The endopod of the 2nd antenna does not exceed the length of the exopod as in Gurney's larva, but the two rami are subequal. The 2nd pereiopod has a natatory exopod with four or six terminal plumose setae. Pleopod buds are not usually visible, but in occasional larvae tiny pleopod rudiments may be seen on segments two to five. The telson is more usually of the form shown in fig. 3K rather than that drawn by Gurney (1924: 152, fig. 61g). The "serrations" present on the lateral distal third of the telson are in fact stout spines, each having a definite articulation with the telson (fig. 3K). These spines vary in number between four and seven, but larvae are rarely found with an equal number of these spines on each side of the telson. Telson spines of this type are rare among thalassinid larvae, and certainly unique in the Laomediidae.

Stage Five (fig. 3L, M), total length 11.6mm to 12.5mm (11.75mm to 12.65mm)

This stage agrees with Gurney's stage four. The third (unarmed) telson setae only rarely extend beyond the tips of the outermost pair (fig. 3M). However, this trend become more obvious in the sixth larval stage (fig. 3N).

Stage Six (fig. 3N), total length 13.8mm to 15.2mm (14.1mm to 15.5mm)

This stage agrees with Gurney's stage five. The third telson setae now extend well beyond the outermost pair. This sixth stage is abundant in the plankton, and is probably the final trachelifer stage in the life history, as the first post-larval stage was obtained from these in the laboratory. There are also six stages in J. nocturna (Caroli, 1924) and in the Sydney species (Dakin and Colefax, 1940). Although post-larvae were not obtained by Dakin and Colefax, their sixth larval stage (15mm in total length) is at a similar stage of development to J. novaezealandiae stage six, and it is not expected that further trachelifer stages would follow in the Sydney species.

Stage Six A (fig. 3F, G), total length 15.5mm to 17.0mm (15.9mm to 17.4mm)

Stage six a was not seen by Gurney. This larva differs from stage six in the following characters.

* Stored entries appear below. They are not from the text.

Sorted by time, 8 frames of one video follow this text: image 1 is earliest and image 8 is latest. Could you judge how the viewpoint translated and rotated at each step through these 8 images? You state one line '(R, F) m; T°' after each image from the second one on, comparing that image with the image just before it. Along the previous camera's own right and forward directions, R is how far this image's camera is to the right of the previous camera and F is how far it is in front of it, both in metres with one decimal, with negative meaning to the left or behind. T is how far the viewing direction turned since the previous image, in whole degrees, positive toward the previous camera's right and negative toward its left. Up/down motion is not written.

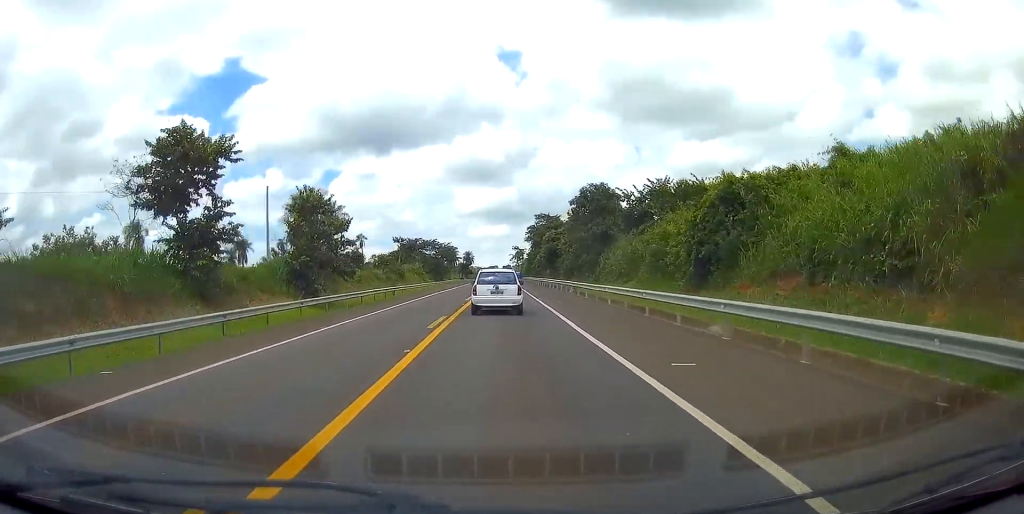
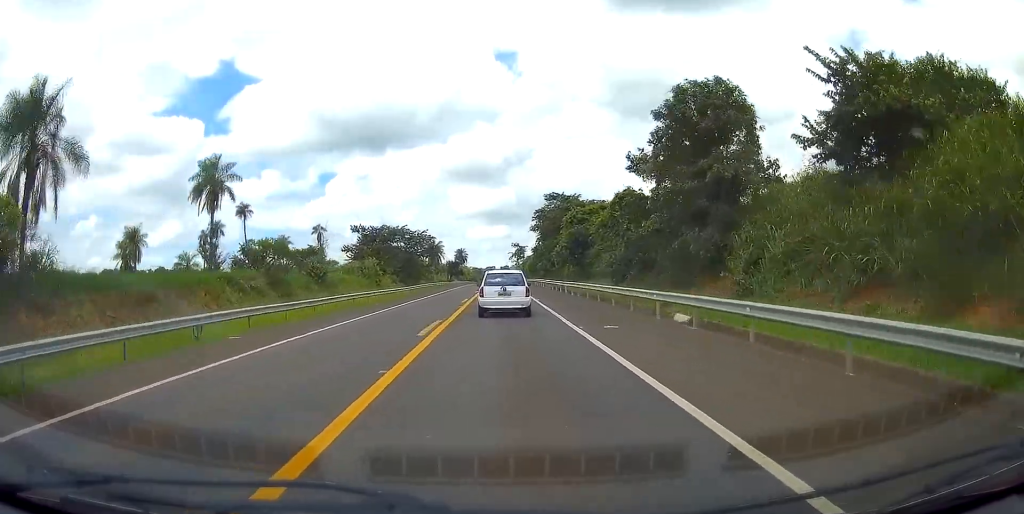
(-0.2, +33.3) m; 0°
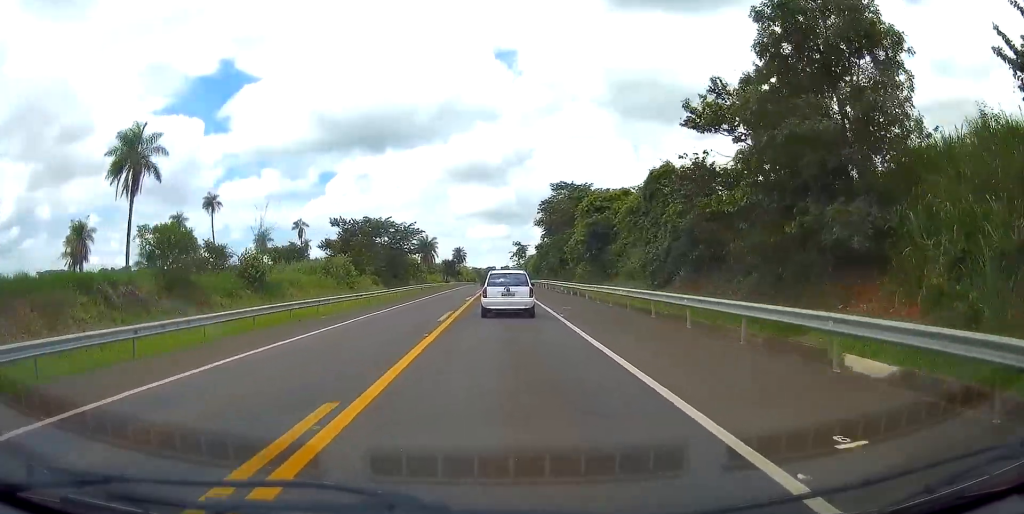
(+0.2, +11.4) m; 0°
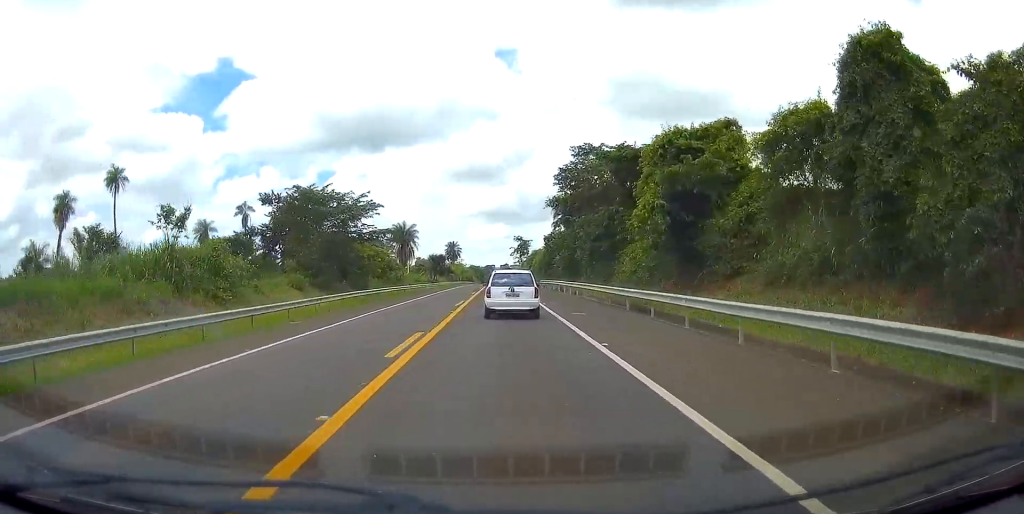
(-0.3, +23.8) m; 0°
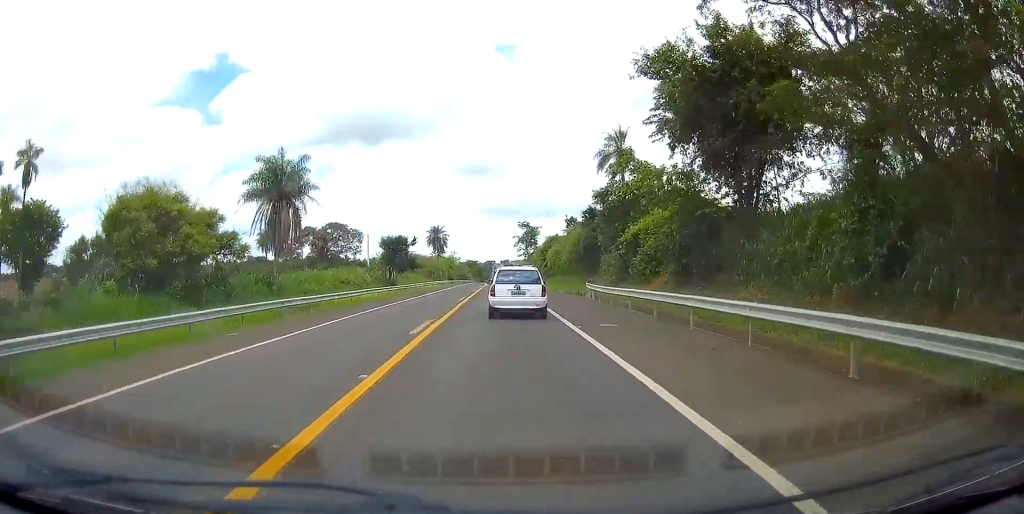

The endopod of the 2nd antenna extends beyond the 1st antenna, and the segments of the endopod are visible beneath the cuticle (fig. 3G). The pereiopods have increased in size and are visibly segmented beneath the cuticle. The abdominal pleopods are now long biramous rods without setae (fig. 3F) and are longer than half the length of the abdominal segments. The telson is similar to that of stage six, but the third telson setae are more strongly developed than the first setae which are now relatively reduced and subterminal.

The status of this six a trachelifer stage is uncertain, but it is not regarded as an essential stage in the larval life history of J. novaezealandiae. Stage six a was obtained by moult in the laboratory but is extremely rare in the plankton, and it seems probable that the majority of larvae bypass this stage and moult directly from stage six to the first post-larval stage. Stage six larvae showed no sign of a further trachelifer stage beneath the cuticle. However, larvae at a stage of development intermediate between stages five and six were found rarely in the plankton. These showed a further trachelifer moult beneath the cuticle, and although the casts of larvae from which the original stage six a larvae were obtained in the laboratory were unfortunately destroyed, it is likely that stage six a follows this intermediate stage between five and six. This alternative route to the first post-larval stage appears to be taken only rarely.